[Items from a data source]
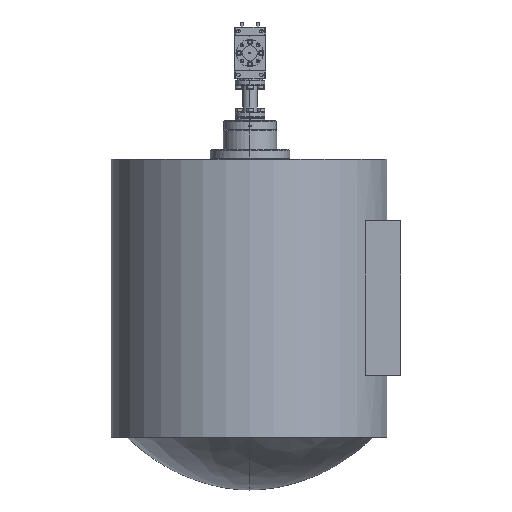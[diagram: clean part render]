
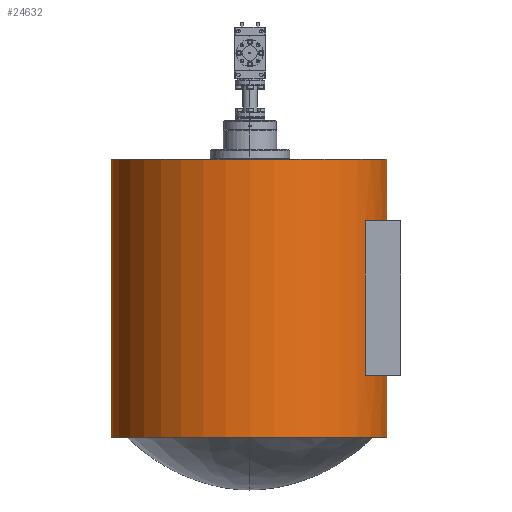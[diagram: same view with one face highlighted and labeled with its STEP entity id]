
A CAD part, left-side view. The second image highlights one B-rep face of the part: STEP entity #24632.
In plain terms, the highlighted cylindrical face has radius 88.9 mm (diameter 177.8 mm), a partial arc.
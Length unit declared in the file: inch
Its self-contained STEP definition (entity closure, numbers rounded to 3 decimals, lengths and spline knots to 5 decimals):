
#340 = ORIENTED_EDGE ( 'NONE', *, *, #62149, .T. ) ;
#2816 = LINE ( 'NONE', #56533, #70404 ) ;
#2893 = ORIENTED_EDGE ( 'NONE', *, *, #54783, .F. ) ;
#3046 = CIRCLE ( 'NONE', #21076, 3.5 ) ;
#7613 = LINE ( 'NONE', #37537, #29738 ) ;
#7777 = CARTESIAN_POINT ( 'NONE',  ( -1.95, -2.90646, 5.45 ) ) ;
#11336 = VERTEX_POINT ( 'NONE', #24533 ) ;
#11566 = VERTEX_POINT ( 'NONE', #56799 ) ;
#12989 = CARTESIAN_POINT ( 'NONE',  ( -1.95, -2.90646, 1.55 ) ) ;
#12993 = CYLINDRICAL_SURFACE ( 'NONE', #29435, 3.5 ) ;
#16287 = CARTESIAN_POINT ( 'NONE',  ( -0.58949, -3.45, 1.55 ) ) ;
#17119 = DIRECTION ( 'NONE',  ( 0., 0., 1. ) ) ;
#17157 = DIRECTION ( 'NONE',  ( 0., -1., 0. ) ) ;
#18298 = VERTEX_POINT ( 'NONE', #60224 ) ;
#18892 = VERTEX_POINT ( 'NONE', #16287 ) ;
#18906 = CARTESIAN_POINT ( 'NONE',  ( -0.58949, -3.45, 5.45 ) ) ;
#19826 = FACE_OUTER_BOUND ( 'NONE', #24173, .T. ) ;
#21076 = AXIS2_PLACEMENT_3D ( 'NONE', #60745, #48639, #17157 ) ;
#21666 = DIRECTION ( 'NONE',  ( 0., 0., 1. ) ) ;
#22110 = CARTESIAN_POINT ( 'NONE',  ( 0., 0., 5.45 ) ) ;
#24173 = EDGE_LOOP ( 'NONE', ( #79337, #50995, #42250, #340, #2893, #62008, #40629, #53495 ) ) ;
#24533 = CARTESIAN_POINT ( 'NONE',  ( -0.58949, -3.45, 7. ) ) ;
#24632 = ADVANCED_FACE ( 'NONE', ( #19826 ), #12993, .T. ) ;
#25619 = EDGE_CURVE ( 'NONE', #73827, #11566, #36068, .T. ) ;
#28044 = VERTEX_POINT ( 'NONE', #7777 ) ;
#28146 = DIRECTION ( 'NONE',  ( 0., 0., 1. ) ) ;
#29119 = DIRECTION ( 'NONE',  ( 0., 0., 1. ) ) ;
#29435 = AXIS2_PLACEMENT_3D ( 'NONE', #44466, #69091, #32354 ) ;
#29738 = VECTOR ( 'NONE', #68988, 39.37008 ) ;
#30374 = CIRCLE ( 'NONE', #75493, 3.5 ) ;
#31530 = VECTOR ( 'NONE', #29119, 39.37008 ) ;
#31596 = CARTESIAN_POINT ( 'NONE',  ( 0., 3.5, 7. ) ) ;
#31899 = DIRECTION ( 'NONE',  ( 0., 0., 1. ) ) ;
#32354 = DIRECTION ( 'NONE',  ( 0., 1., 0. ) ) ;
#35015 = CARTESIAN_POINT ( 'NONE',  ( 0., 0., 7. ) ) ;
#35047 = VERTEX_POINT ( 'NONE', #12989 ) ;
#35564 = AXIS2_PLACEMENT_3D ( 'NONE', #65988, #17119, #54261 ) ;
#36068 = LINE ( 'NONE', #31596, #43717 ) ;
#37537 = CARTESIAN_POINT ( 'NONE',  ( -0.58949, -3.45, 7. ) ) ;
#38079 = EDGE_CURVE ( 'NONE', #28044, #60810, #52726, .T. ) ;
#39403 = CIRCLE ( 'NONE', #35564, 3.5 ) ;
#40629 = ORIENTED_EDGE ( 'NONE', *, *, #38079, .T. ) ;
#42250 = ORIENTED_EDGE ( 'NONE', *, *, #69900, .T. ) ;
#43717 = VECTOR ( 'NONE', #48998, 39.37008 ) ;
#44466 = CARTESIAN_POINT ( 'NONE',  ( 0., 0., 7. ) ) ;
#46500 = CARTESIAN_POINT ( 'NONE',  ( -0.58949, -3.45, 7. ) ) ;
#46733 = DIRECTION ( 'NONE',  ( -1., 0., 0. ) ) ;
#47109 = DIRECTION ( 'NONE',  ( 0., -1., 0. ) ) ;
#48639 = DIRECTION ( 'NONE',  ( 0., 0., 1. ) ) ;
#48998 = DIRECTION ( 'NONE',  ( 0., 0., -1. ) ) ;
#50995 = ORIENTED_EDGE ( 'NONE', *, *, #25619, .T. ) ;
#52726 = CIRCLE ( 'NONE', #63022, 3.5 ) ;
#53144 = EDGE_CURVE ( 'NONE', #60810, #11336, #65057, .T. ) ;
#53495 = ORIENTED_EDGE ( 'NONE', *, *, #53144, .T. ) ;
#54261 = DIRECTION ( 'NONE',  ( -1., 0., 0. ) ) ;
#54783 = EDGE_CURVE ( 'NONE', #35047, #18892, #39403, .T. ) ;
#56533 = CARTESIAN_POINT ( 'NONE',  ( -1.95, -2.90646, 1.55 ) ) ;
#56799 = CARTESIAN_POINT ( 'NONE',  ( 0., 3.5, 0. ) ) ;
#60224 = CARTESIAN_POINT ( 'NONE',  ( -0.58949, -3.45, 0. ) ) ;
#60745 = CARTESIAN_POINT ( 'NONE',  ( 0., 0., 0. ) ) ;
#60810 = VERTEX_POINT ( 'NONE', #18906 ) ;
#62008 = ORIENTED_EDGE ( 'NONE', *, *, #74904, .T. ) ;
#62149 = EDGE_CURVE ( 'NONE', #18298, #18892, #7613, .T. ) ;
#63022 = AXIS2_PLACEMENT_3D ( 'NONE', #22110, #28146, #46733 ) ;
#65057 = LINE ( 'NONE', #46500, #31530 ) ;
#65988 = CARTESIAN_POINT ( 'NONE',  ( 0., 0., 1.55 ) ) ;
#68988 = DIRECTION ( 'NONE',  ( 0., 0., 1. ) ) ;
#69091 = DIRECTION ( 'NONE',  ( 0., 0., -1. ) ) ;
#69900 = EDGE_CURVE ( 'NONE', #11566, #18298, #3046, .T. ) ;
#70404 = VECTOR ( 'NONE', #31899, 39.37008 ) ;
#73676 = EDGE_CURVE ( 'NONE', #73827, #11336, #30374, .T. ) ;
#73827 = VERTEX_POINT ( 'NONE', #78462 ) ;
#74904 = EDGE_CURVE ( 'NONE', #35047, #28044, #2816, .T. ) ;
#75493 = AXIS2_PLACEMENT_3D ( 'NONE', #35015, #21666, #47109 ) ;
#78462 = CARTESIAN_POINT ( 'NONE',  ( 0., 3.5, 7. ) ) ;
#79337 = ORIENTED_EDGE ( 'NONE', *, *, #73676, .F. ) ;

ACTIVITY:
Respond with a number only, please: how many lines in this data include the word "VECTOR".

ANSWER SPACE:
4